As the filtration barrier is destructed by pathologic processes, increasing amounts of protein leak out into the glomerular filtrate, overwhelming the capacity of the tubules to absorb and metabolize the leaked protein having as a result proteinuria. In disease, the amount of proteinuria may increase dramatically and proteinuria > 1gr/day is typically due to glomerular damage. However, lower level is caused by tubular damage, leading to failure of reabsorption of filtered proteins, rather than by glomerular injury. Indeed, in our reported patient the low proteinuria (< 1gr/day) without hematuria nor cylindruria, including albumin fraction, a1-antitripsin, transferrin and multiclonical light k chains, in combination to normal capillary protein electrophoresis and normal kidney function could due to renal tubular failure of reabsorption and metabolism them, rather than to pathological protein overproduction, neither increased filtration them by glomerular injury.

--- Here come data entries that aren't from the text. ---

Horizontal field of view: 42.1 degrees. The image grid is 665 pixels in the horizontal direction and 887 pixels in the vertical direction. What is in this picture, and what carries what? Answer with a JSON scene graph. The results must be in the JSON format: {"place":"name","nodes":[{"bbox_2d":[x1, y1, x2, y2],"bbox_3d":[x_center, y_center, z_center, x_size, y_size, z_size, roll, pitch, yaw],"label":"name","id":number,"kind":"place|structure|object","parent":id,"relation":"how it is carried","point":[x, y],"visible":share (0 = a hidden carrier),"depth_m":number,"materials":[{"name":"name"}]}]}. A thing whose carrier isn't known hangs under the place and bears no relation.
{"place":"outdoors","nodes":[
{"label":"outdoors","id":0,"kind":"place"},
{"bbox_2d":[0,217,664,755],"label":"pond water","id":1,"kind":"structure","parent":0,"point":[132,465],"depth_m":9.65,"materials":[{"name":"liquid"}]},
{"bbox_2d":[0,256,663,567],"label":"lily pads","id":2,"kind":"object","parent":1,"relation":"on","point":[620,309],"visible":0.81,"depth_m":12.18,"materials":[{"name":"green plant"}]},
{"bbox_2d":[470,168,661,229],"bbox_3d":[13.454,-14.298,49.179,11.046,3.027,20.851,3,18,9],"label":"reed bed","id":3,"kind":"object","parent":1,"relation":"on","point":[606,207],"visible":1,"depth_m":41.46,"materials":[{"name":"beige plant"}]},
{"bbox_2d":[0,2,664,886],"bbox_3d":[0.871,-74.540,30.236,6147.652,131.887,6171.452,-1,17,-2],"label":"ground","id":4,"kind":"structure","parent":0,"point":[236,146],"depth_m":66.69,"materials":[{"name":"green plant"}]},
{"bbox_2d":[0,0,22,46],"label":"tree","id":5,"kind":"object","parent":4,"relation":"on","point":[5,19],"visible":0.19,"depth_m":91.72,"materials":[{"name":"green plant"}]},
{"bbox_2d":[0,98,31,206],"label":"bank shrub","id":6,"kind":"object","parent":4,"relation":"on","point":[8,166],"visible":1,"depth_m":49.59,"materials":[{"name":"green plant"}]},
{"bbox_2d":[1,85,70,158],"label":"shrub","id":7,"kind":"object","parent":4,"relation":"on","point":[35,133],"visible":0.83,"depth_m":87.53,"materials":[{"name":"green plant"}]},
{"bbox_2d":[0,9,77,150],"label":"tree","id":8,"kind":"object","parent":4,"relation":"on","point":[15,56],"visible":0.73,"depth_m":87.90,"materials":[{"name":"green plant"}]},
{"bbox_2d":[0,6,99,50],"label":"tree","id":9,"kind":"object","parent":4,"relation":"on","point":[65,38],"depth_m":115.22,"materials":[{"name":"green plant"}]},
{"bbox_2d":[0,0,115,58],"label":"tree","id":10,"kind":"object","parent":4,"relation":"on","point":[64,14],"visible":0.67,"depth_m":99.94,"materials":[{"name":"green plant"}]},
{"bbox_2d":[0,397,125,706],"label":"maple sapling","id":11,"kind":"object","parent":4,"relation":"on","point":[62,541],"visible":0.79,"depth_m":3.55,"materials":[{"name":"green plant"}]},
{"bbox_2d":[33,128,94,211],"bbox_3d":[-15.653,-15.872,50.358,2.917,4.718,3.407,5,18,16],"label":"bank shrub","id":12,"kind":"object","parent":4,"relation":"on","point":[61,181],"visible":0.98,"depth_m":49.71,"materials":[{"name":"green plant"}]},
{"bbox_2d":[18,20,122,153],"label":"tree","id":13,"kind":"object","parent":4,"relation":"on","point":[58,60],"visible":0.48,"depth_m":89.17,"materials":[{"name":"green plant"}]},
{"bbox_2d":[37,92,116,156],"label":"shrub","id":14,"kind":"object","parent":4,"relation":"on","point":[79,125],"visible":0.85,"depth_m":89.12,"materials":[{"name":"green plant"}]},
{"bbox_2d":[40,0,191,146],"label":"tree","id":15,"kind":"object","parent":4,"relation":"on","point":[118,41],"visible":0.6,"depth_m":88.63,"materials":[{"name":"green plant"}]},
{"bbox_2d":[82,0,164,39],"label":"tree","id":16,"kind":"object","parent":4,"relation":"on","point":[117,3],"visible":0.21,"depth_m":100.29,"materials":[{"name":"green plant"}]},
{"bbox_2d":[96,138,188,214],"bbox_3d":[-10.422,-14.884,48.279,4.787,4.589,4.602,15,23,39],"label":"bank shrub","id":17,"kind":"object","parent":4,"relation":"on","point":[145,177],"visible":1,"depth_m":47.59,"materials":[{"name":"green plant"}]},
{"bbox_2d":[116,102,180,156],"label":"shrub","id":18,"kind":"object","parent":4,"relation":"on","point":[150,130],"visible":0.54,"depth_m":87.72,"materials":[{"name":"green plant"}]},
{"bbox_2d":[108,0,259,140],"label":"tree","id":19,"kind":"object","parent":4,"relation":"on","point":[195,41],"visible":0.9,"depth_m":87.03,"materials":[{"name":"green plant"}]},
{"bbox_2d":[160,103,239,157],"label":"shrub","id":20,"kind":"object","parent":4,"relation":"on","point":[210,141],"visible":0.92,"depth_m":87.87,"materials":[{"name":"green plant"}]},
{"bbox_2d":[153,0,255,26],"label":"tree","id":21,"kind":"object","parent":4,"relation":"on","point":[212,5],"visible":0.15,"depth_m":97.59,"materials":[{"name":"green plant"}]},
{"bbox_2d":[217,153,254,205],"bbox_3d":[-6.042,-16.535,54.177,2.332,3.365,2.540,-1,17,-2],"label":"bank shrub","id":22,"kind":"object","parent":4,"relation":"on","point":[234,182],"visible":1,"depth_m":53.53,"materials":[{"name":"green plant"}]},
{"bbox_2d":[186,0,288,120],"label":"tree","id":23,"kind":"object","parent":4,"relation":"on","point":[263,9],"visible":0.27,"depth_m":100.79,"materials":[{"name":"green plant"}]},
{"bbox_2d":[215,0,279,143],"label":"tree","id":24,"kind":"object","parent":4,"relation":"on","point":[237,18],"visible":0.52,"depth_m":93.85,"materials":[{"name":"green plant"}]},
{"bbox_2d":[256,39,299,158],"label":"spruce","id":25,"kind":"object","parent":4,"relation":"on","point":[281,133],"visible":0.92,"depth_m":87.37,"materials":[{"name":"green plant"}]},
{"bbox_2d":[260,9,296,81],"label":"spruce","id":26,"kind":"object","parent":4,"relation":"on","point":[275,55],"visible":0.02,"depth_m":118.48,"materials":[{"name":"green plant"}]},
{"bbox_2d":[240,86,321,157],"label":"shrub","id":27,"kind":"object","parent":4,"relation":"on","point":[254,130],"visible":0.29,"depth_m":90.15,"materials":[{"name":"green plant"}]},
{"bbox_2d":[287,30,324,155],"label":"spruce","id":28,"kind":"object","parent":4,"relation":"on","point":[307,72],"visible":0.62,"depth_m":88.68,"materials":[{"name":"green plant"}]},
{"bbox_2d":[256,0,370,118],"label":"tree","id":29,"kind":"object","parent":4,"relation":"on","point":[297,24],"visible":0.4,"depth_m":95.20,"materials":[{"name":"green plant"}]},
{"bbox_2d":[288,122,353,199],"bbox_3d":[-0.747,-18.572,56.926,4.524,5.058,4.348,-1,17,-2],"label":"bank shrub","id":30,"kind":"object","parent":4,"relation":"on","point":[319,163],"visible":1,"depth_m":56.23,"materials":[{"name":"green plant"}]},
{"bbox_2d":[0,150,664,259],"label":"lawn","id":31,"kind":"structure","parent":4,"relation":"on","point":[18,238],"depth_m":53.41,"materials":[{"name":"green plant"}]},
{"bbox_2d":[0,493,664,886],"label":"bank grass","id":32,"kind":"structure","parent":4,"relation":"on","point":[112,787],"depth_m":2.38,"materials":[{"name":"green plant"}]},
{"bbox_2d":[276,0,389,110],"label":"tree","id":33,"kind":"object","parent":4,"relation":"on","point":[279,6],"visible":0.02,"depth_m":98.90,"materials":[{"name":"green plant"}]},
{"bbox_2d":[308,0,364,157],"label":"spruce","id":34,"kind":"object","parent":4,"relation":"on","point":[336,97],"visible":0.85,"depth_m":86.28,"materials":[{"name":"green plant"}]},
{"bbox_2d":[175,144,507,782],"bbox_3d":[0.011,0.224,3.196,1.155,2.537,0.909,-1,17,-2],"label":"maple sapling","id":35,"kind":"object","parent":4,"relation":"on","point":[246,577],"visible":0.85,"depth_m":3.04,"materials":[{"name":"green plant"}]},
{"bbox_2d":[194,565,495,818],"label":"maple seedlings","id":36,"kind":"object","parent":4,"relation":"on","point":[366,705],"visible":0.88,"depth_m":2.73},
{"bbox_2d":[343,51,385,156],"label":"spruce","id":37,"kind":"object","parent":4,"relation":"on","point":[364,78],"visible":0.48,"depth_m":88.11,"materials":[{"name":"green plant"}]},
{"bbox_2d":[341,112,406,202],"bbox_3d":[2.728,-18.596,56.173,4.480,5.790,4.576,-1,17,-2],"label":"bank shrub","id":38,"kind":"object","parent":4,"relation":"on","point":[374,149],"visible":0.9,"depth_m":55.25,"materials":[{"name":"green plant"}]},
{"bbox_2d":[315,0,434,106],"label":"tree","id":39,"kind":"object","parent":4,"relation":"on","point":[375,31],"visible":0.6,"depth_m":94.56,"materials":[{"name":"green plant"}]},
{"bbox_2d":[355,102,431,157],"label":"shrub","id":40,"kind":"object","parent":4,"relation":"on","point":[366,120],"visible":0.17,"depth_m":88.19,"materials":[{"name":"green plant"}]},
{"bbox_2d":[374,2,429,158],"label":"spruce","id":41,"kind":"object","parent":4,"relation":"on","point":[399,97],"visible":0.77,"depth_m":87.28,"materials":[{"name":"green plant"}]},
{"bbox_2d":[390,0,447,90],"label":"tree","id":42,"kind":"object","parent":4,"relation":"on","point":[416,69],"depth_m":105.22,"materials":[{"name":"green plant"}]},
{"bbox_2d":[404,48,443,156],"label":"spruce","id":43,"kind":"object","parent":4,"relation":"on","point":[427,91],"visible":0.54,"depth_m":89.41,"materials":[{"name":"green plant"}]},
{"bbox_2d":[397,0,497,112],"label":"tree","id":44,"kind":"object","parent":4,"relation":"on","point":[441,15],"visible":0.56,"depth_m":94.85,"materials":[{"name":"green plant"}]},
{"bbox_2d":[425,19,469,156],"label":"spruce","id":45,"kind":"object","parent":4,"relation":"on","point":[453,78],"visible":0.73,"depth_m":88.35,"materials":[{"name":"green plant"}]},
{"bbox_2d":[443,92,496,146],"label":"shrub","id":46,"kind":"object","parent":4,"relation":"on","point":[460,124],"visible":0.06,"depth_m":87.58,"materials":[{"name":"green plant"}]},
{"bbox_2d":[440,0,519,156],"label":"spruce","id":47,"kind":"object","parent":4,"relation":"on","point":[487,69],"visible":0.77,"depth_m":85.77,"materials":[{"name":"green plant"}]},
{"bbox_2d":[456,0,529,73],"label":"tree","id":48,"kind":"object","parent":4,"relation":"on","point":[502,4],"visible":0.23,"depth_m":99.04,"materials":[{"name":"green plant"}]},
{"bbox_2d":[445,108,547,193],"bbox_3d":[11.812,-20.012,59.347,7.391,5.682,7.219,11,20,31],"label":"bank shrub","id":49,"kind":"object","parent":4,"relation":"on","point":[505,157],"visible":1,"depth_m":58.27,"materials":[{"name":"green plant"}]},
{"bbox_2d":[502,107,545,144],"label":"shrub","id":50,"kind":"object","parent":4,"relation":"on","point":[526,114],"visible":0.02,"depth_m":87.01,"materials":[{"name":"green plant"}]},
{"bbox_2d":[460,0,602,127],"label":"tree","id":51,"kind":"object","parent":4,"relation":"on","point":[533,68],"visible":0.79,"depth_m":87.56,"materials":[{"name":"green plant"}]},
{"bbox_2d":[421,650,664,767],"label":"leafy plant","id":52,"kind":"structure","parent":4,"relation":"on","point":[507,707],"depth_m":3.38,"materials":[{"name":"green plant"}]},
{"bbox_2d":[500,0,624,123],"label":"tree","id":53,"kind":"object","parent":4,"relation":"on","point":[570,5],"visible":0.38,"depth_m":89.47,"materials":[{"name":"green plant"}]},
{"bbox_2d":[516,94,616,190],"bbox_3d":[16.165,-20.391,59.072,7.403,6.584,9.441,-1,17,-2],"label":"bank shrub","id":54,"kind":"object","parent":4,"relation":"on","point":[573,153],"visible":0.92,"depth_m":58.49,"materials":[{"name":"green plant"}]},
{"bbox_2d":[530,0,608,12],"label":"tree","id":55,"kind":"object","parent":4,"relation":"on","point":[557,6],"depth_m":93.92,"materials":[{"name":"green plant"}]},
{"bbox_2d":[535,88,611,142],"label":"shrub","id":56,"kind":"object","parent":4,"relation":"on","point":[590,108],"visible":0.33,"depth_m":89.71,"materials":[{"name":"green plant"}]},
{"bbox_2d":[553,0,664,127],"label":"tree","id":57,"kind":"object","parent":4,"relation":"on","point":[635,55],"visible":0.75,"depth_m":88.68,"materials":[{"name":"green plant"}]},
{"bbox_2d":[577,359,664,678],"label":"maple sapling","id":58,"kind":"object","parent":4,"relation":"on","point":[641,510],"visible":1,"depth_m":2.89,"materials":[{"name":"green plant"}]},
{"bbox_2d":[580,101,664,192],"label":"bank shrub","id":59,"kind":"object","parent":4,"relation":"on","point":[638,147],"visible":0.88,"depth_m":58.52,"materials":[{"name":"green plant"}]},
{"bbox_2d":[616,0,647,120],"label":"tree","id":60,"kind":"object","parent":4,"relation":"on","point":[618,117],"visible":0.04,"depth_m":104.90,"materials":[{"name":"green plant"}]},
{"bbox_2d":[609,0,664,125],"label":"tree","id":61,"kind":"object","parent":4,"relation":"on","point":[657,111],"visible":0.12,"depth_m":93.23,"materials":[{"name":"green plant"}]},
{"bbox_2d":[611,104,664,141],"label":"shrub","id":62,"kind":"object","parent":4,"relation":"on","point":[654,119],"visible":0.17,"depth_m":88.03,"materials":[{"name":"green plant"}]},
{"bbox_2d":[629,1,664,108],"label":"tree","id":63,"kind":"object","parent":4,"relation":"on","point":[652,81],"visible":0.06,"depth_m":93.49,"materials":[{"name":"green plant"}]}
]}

Based on the above, the proteinuria less than 1gr/day of our reported Gilbert’s syndrome patient could be explained by a toxic impact of mild chronic bilirubinemia on renal tubules resulting in a failure of metabolism of filtered proteins, in combination to a possible role of bilirubinemia on hemodynamic function of efferent renal arteriole and not only on the function of afferent renal arteriole, as previously has been reported. However, the proteinuria may be independent on bilirubinemia and our patient may have an inadequacy of renal tubular cells for reabsorption and catabolism of filtered proteins, irrelevant to bilirubinemia. This tubular inadequacy may be connected to receiving food supplements by our patient.

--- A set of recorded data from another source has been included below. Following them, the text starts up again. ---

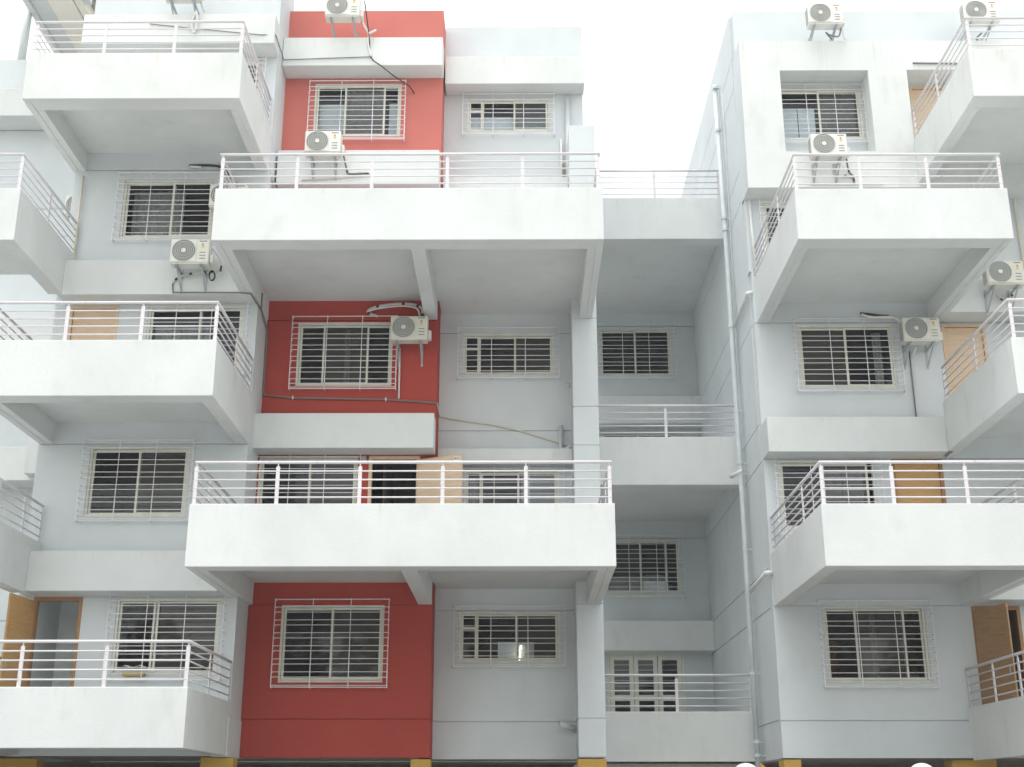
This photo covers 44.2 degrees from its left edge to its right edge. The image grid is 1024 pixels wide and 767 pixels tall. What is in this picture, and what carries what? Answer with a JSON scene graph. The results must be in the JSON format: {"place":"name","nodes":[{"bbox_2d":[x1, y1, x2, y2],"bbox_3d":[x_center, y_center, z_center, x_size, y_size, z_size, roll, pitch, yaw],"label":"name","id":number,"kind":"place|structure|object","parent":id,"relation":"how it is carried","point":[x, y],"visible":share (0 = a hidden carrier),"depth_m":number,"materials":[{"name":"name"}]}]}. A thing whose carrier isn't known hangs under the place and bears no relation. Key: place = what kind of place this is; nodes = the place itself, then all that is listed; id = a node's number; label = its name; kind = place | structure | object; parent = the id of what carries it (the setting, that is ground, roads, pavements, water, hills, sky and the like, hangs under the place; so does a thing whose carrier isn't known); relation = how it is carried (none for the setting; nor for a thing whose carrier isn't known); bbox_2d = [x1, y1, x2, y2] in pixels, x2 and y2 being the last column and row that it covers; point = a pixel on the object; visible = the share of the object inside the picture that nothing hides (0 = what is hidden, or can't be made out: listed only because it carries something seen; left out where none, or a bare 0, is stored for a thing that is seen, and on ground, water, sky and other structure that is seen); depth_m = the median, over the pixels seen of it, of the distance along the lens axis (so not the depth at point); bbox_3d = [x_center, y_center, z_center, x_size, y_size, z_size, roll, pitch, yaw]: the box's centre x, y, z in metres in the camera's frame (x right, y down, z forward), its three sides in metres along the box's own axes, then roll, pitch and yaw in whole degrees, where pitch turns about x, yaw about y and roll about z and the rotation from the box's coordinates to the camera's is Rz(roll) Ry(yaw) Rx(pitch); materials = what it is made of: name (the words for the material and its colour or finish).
{"place":"outdoors","nodes":[
{"label":"outdoors","id":0,"kind":"place"},
{"bbox_2d":[0,0,1023,197],"label":"sky","id":1,"kind":"structure","parent":0,"point":[649,65],"materials":[{"name":"white"}]},
{"label":"ground","id":2,"kind":"structure","parent":0,"visible":0},
{"bbox_2d":[0,0,754,766],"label":"apartment building","id":3,"kind":"structure","parent":2,"relation":"on","point":[266,500],"depth_m":25.50,"materials":[{"name":"grey paint"}]},
{"bbox_2d":[0,593,83,686],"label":"door","id":4,"kind":"structure","parent":3,"relation":"in","point":[22,612],"depth_m":23.68,"materials":[{"name":"brown wood"}]},
{"bbox_2d":[64,195,71,219],"bbox_3d":[-10.081,-3.838,29.753,0.843,1.090,0.616,0,-19,0],"label":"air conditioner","id":5,"kind":"object","parent":3,"relation":"attached to","point":[68,202],"visible":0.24,"depth_m":29.58,"materials":[{"name":"metal"}]},
{"bbox_2d":[67,305,155,339],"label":"door","id":6,"kind":"structure","parent":3,"relation":"in","point":[73,314],"depth_m":25.81,"materials":[{"name":"brown wood"}]},
{"bbox_2d":[122,672,145,675],"bbox_3d":[-7.042,5.413,23.467,0.400,0.070,0.120,0,-19,0],"label":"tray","id":7,"kind":"object","parent":3,"relation":"in","point":[137,673],"visible":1,"depth_m":23.41,"materials":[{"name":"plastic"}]},
{"bbox_2d":[74,439,195,522],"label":"window","id":8,"kind":"structure","parent":3,"relation":"in","point":[150,482],"depth_m":24.83,"materials":[{"name":"paint"}]},
{"bbox_2d":[101,594,225,680],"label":"window","id":9,"kind":"structure","parent":3,"relation":"in","point":[197,620],"depth_m":23.89,"materials":[{"name":"paint"}]},
{"bbox_2d":[111,171,219,242],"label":"window","id":10,"kind":"structure","parent":3,"relation":"in","point":[179,209],"depth_m":27.03,"materials":[{"name":"paint"}]},
{"bbox_2d":[166,0,204,33],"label":"air conditioner","id":11,"kind":"object","parent":3,"relation":"attached to","point":[193,2],"visible":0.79,"depth_m":27.46,"materials":[{"name":"metal"}]},
{"bbox_2d":[138,304,249,376],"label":"window","id":12,"kind":"structure","parent":3,"relation":"in","point":[235,314],"depth_m":26.02,"materials":[{"name":"paint"}]},
{"bbox_2d":[170,239,221,293],"bbox_3d":[-6.345,-2.351,25.255,1.036,0.950,0.576,0,-19,0],"label":"air conditioner","id":13,"kind":"object","parent":3,"relation":"attached to","point":[190,254],"visible":1,"depth_m":25.11,"materials":[{"name":"metal"}]},
{"bbox_2d":[189,164,248,212],"bbox_3d":[-6.158,-3.966,26.376,1.459,1.666,0.576,0,-19,0],"label":"air conditioner","id":14,"kind":"object","parent":3,"relation":"attached to","point":[213,187],"visible":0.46,"depth_m":26.14,"materials":[{"name":"metal"}]},
{"bbox_2d":[246,54,267,105],"bbox_3d":[-6.395,-6.466,27.515,2.049,1.588,0.279,0,-19,1],"label":"window","id":15,"kind":"structure","parent":3,"relation":"in","point":[261,63],"depth_m":27.63,"materials":[{"name":"paint"}]},
{"bbox_2d":[254,453,393,503],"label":"window","id":16,"kind":"structure","parent":3,"relation":"in","point":[262,475],"depth_m":25.90,"materials":[{"name":"paint"}]},
{"bbox_2d":[270,598,389,688],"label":"window","id":17,"kind":"structure","parent":3,"relation":"in","point":[319,643],"depth_m":24.83,"materials":[{"name":"paint"}]},
{"bbox_2d":[304,131,369,179],"bbox_3d":[-3.755,-4.921,27.184,1.388,0.930,0.530,0,-19,0],"label":"air conditioner","id":18,"kind":"object","parent":3,"relation":"attached to","point":[323,141],"visible":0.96,"depth_m":27.05,"materials":[{"name":"metal"}]},
{"bbox_2d":[288,315,397,390],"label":"window","id":19,"kind":"structure","parent":3,"relation":"in","point":[351,354],"depth_m":26.73,"materials":[{"name":"paint"}]},
{"bbox_2d":[307,79,406,141],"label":"window","id":20,"kind":"structure","parent":3,"relation":"in","point":[373,109],"depth_m":28.57,"materials":[{"name":"paint"}]},
{"bbox_2d":[325,0,414,93],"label":"air conditioner","id":21,"kind":"object","parent":3,"relation":"attached to","point":[344,11],"visible":0.99,"depth_m":28.19,"materials":[{"name":"metal"}]},
{"bbox_2d":[366,302,431,366],"bbox_3d":[-2.392,-1.104,26.432,1.418,1.384,0.606,0,-19,0],"label":"air conditioner","id":22,"kind":"object","parent":3,"relation":"attached to","point":[409,330],"visible":1,"depth_m":26.19,"materials":[{"name":"metal"}]},
{"bbox_2d":[367,454,462,503],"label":"door","id":23,"kind":"structure","parent":3,"relation":"in","point":[371,475],"depth_m":25.70,"materials":[{"name":"brown wood"}]},
{"bbox_2d":[457,326,559,379],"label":"window","id":24,"kind":"structure","parent":3,"relation":"in","point":[530,354],"depth_m":27.52,"materials":[{"name":"paint"}]},
{"bbox_2d":[462,93,554,137],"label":"window","id":25,"kind":"structure","parent":3,"relation":"in","point":[484,116],"depth_m":29.39,"materials":[{"name":"paint"}]},
{"bbox_2d":[453,605,565,667],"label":"window","id":26,"kind":"structure","parent":3,"relation":"in","point":[523,636],"depth_m":25.59,"materials":[{"name":"paint"}]},
{"bbox_2d":[462,464,563,502],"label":"window","id":27,"kind":"structure","parent":3,"relation":"in","point":[468,475],"depth_m":26.61,"materials":[{"name":"paint"}]},
{"bbox_2d":[597,323,676,379],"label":"window","id":28,"kind":"structure","parent":3,"relation":"in","point":[624,353],"depth_m":37.31,"materials":[{"name":"paint"}]},
{"bbox_2d":[599,433,679,436],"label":"window","id":29,"kind":"structure","parent":3,"relation":"in","point":[603,434],"depth_m":34.99,"materials":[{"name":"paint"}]},
{"bbox_2d":[604,534,686,597],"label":"window","id":30,"kind":"structure","parent":3,"relation":"in","point":[642,566],"depth_m":33.88,"materials":[{"name":"paint"}]},
{"bbox_2d":[607,653,685,711],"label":"door","id":31,"kind":"structure","parent":3,"relation":"in","point":[617,663],"depth_m":33.02,"materials":[{"name":"paint"}]},
{"bbox_2d":[736,763,754,766],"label":"garden lamp","id":32,"kind":"object","parent":2,"relation":"on","point":[745,765],"visible":1,"depth_m":11.90,"materials":[{"name":"paint"}]},
{"bbox_2d":[681,11,1023,766],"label":"apartment building","id":33,"kind":"structure","parent":2,"relation":"on","point":[865,539],"depth_m":25.80,"materials":[{"name":"grey paint"}]},
{"bbox_2d":[758,199,786,255],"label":"window","id":34,"kind":"structure","parent":33,"relation":"in","point":[766,206],"depth_m":27.91,"materials":[{"name":"paint"}]},
{"bbox_2d":[781,83,868,144],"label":"window","id":35,"kind":"structure","parent":33,"relation":"in","point":[806,112],"depth_m":28.67,"materials":[{"name":"paint"}]},
{"bbox_2d":[805,3,845,40],"bbox_3d":[7.109,-8.038,28.741,0.870,0.870,0.926,0,-19,0],"label":"air conditioner","id":36,"kind":"object","parent":33,"relation":"attached to","point":[819,16],"visible":0.95,"depth_m":28.40,"materials":[{"name":"metal"}]},
{"bbox_2d":[773,457,884,535],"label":"window","id":37,"kind":"structure","parent":33,"relation":"in","point":[791,472],"depth_m":25.99,"materials":[{"name":"paint"}]},
{"bbox_2d":[808,133,854,182],"bbox_3d":[6.928,-4.843,27.195,1.032,0.930,0.623,0,-19,0],"label":"air conditioner","id":38,"kind":"object","parent":33,"relation":"attached to","point":[826,143],"visible":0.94,"depth_m":27.02,"materials":[{"name":"metal"}]},
{"bbox_2d":[792,317,905,392],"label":"window","id":39,"kind":"structure","parent":33,"relation":"in","point":[831,356],"depth_m":26.87,"materials":[{"name":"paint"}]},
{"bbox_2d":[817,599,939,688],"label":"window","id":40,"kind":"structure","parent":33,"relation":"in","point":[863,643],"depth_m":24.95,"materials":[{"name":"paint"}]},
{"bbox_2d":[860,312,942,368],"bbox_3d":[8.222,-1.000,26.541,1.573,1.266,0.601,0,-19,0],"label":"air conditioner","id":41,"kind":"object","parent":33,"relation":"attached to","point":[919,331],"visible":1,"depth_m":26.33,"materials":[{"name":"metal"}]},
{"bbox_2d":[865,459,946,502],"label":"door","id":42,"kind":"structure","parent":33,"relation":"in","point":[897,475],"depth_m":25.88,"materials":[{"name":"brown wood"}]},
{"bbox_2d":[909,86,945,137],"bbox_3d":[9.530,-5.753,28.511,0.930,2.170,0.142,0,-19,0],"label":"door","id":43,"kind":"structure","parent":33,"relation":"in","point":[915,92],"depth_m":28.71,"materials":[{"name":"brown wood"}]},
{"bbox_2d":[941,324,988,395],"bbox_3d":[9.635,-0.140,26.629,0.940,2.350,0.142,0,-19,0],"label":"door","id":44,"kind":"structure","parent":33,"relation":"in","point":[954,335],"depth_m":26.79,"materials":[{"name":"brown wood"}]},
{"bbox_2d":[958,0,1000,40],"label":"air conditioner","id":45,"kind":"object","parent":33,"relation":"attached to","point":[974,8],"visible":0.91,"depth_m":28.41,"materials":[{"name":"metal"}]},
{"bbox_2d":[971,603,1023,704],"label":"door","id":46,"kind":"structure","parent":33,"relation":"in","point":[998,632],"depth_m":24.38,"materials":[{"name":"brown wood"}]},
{"bbox_2d":[982,261,1023,315],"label":"air conditioner","id":47,"kind":"object","parent":33,"relation":"attached to","point":[1003,275],"visible":0.88,"depth_m":26.04,"materials":[{"name":"metal"}]},
{"bbox_2d":[912,763,931,766],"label":"garden lamp","id":48,"kind":"object","parent":2,"relation":"on","point":[921,765],"visible":1,"depth_m":11.89,"materials":[{"name":"paint"}]}
]}

The quantity of proteinuria is correlated with the risk of progressive decline in kidney function, although this relationship varies in specific diseases. Whether this simply reflects severity of the glomerular injury, or if the risk is caused by the direct toxicity of proteins to the tubule remains controversial. Proteinuria is also associated with an increased risk of cardiovascular events [8]. For these reasons, proteinuria is an indication for kidney biopsy, commonly total proteinuria > 1gr/day, or > 450mg/day, if it is associated with hematuria. Also, proteinuria > 0.5-1gr/day may be used as an indication for treatment with angiotensin-converting enzyme inhibitors.
Conclusion
In Gilbert’s syndrome patients with mild bilirubinemia may coexist single low proteinuria. These patients must be in watch-andwait for daily proteinuria once a year or frequently, may be made renal biopsy and start treatment for reduction of proteinuria.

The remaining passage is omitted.